GOAL OF THE EXERCISE:
Among the records below, the line containing "main class: Cropland" marks the start. Output it and all lines after it exactly.

[Dataset records]
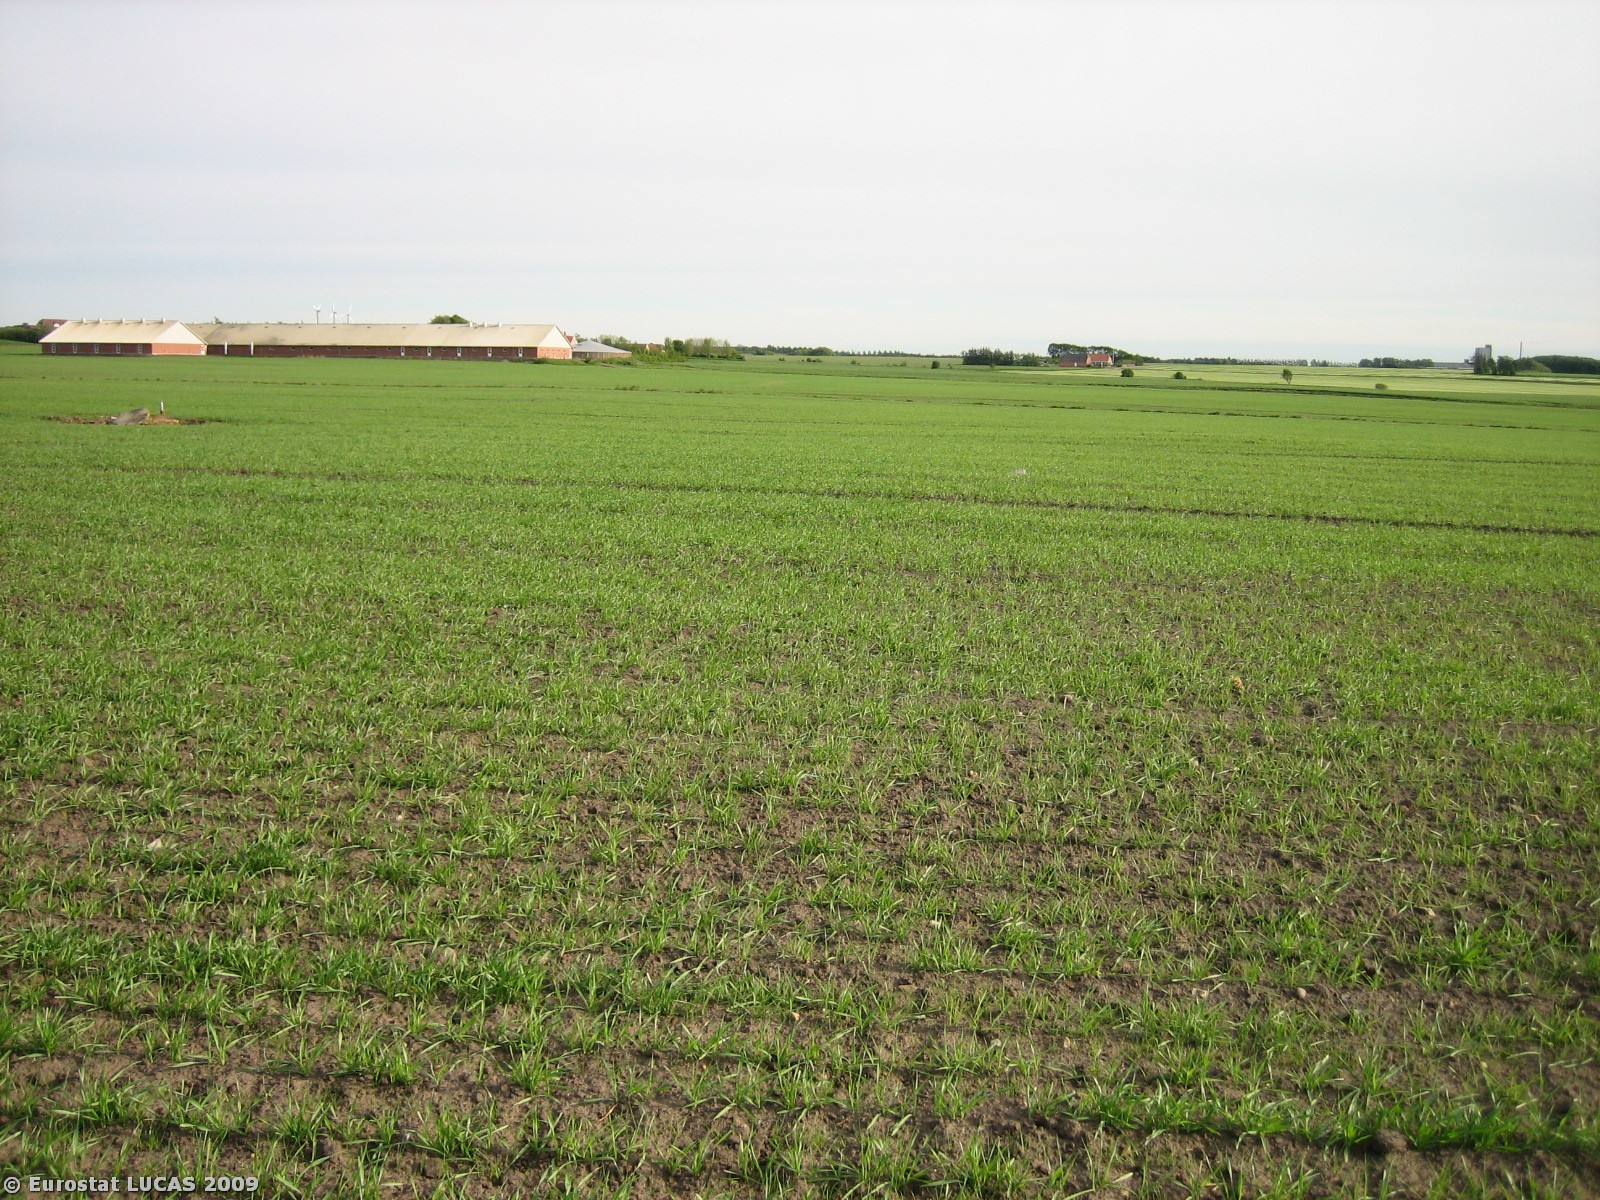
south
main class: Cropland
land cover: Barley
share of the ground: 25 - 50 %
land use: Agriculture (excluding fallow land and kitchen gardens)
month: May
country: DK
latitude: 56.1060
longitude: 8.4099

TASK OUTPUT:
main class: Cropland
land cover: Barley
share of the ground: 25 - 50 %
land use: Agriculture (excluding fallow land and kitchen gardens)
month: May
country: DK
latitude: 56.1060
longitude: 8.4099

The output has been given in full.